*Work item*. Down to the last line, reproduce the data that follows, but skip the pictures.

*Material for the task*.
-- Opening Marker --
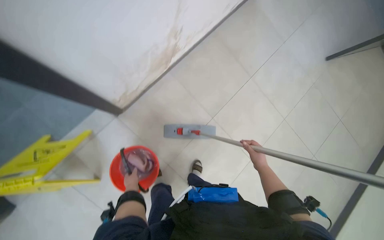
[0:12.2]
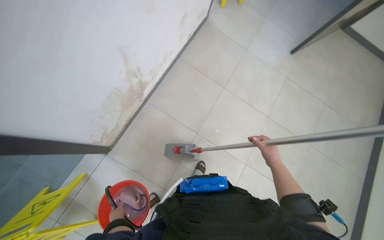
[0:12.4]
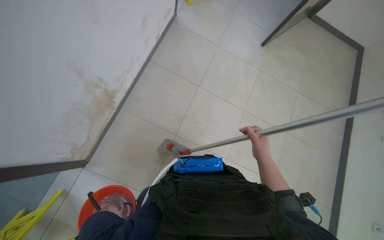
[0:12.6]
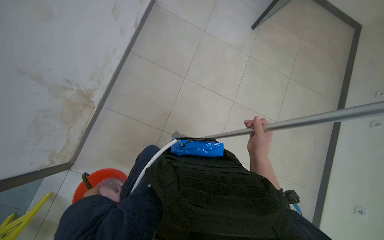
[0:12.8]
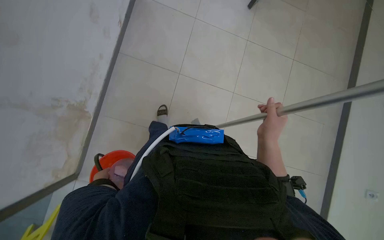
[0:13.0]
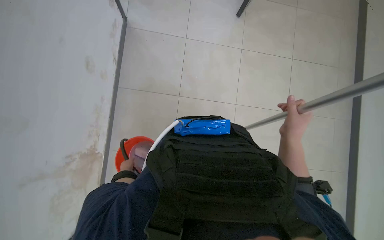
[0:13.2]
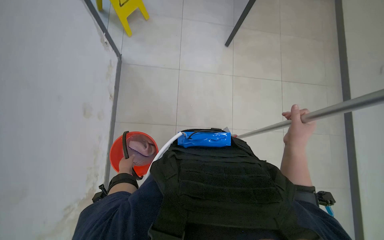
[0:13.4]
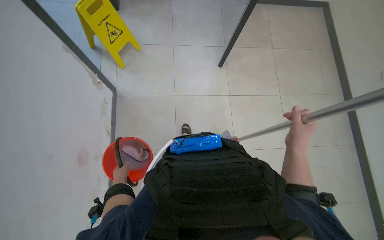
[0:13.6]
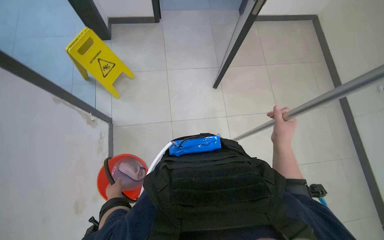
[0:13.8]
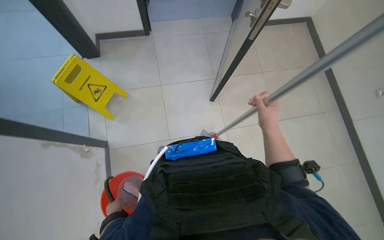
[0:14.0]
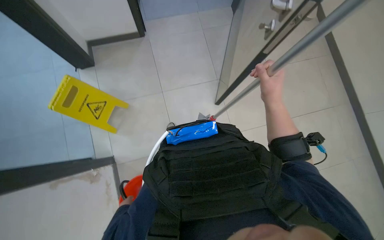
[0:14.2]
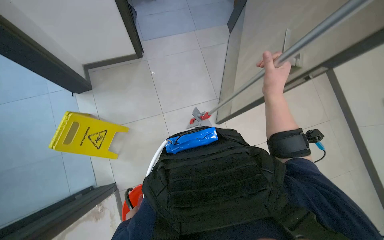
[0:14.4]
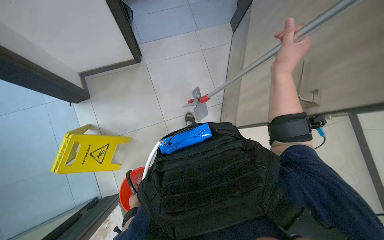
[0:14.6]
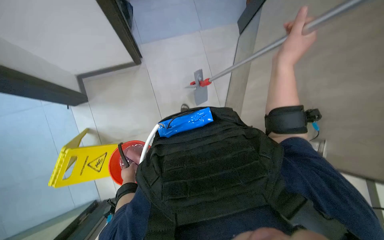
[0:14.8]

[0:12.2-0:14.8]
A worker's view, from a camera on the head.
Job: preparing cleaning supplies.
The whole recording: Gathering cleaning tools. The worker gathers wet floor signs, a mop, and a bucket, preparing for cleaning.
0:12.2 to 0:13.4: The right hand is displaced up the picture by about 10 cm.
0:13.4 to 0:14.8: The head travels roughly 80 cm. Everything in view rotates some 30 degrees counterclockwise.
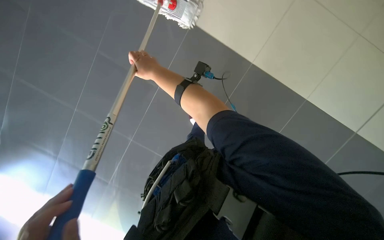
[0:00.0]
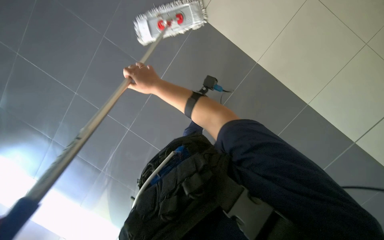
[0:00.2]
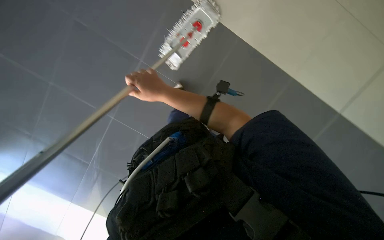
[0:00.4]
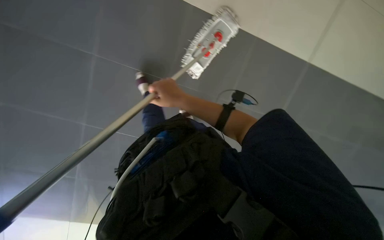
-- Closing Marker --
*Result for this exercise*.
[0:12.2]
[0:12.4]
[0:12.6]
[0:12.8]
[0:13.0]
[0:13.2]
[0:13.4]
[0:13.6]
[0:13.8]
[0:14.0]
[0:14.2]
[0:14.4]
[0:14.6]
[0:14.8]

[0:12.2-0:14.8]
A worker's view, from a camera on the head.
Job: preparing cleaning supplies.
The whole recording: Gathering cleaning tools. The worker gathers wet floor signs, a mop, and a bucket, preparing for cleaning.
0:12.2 to 0:13.4: The right hand is displaced up the picture by about 10 cm.
0:13.4 to 0:14.8: The head travels roughly 80 cm. Everything in view rotates some 30 degrees counterclockwise.
[0:00.0]
[0:00.2]
[0:00.4]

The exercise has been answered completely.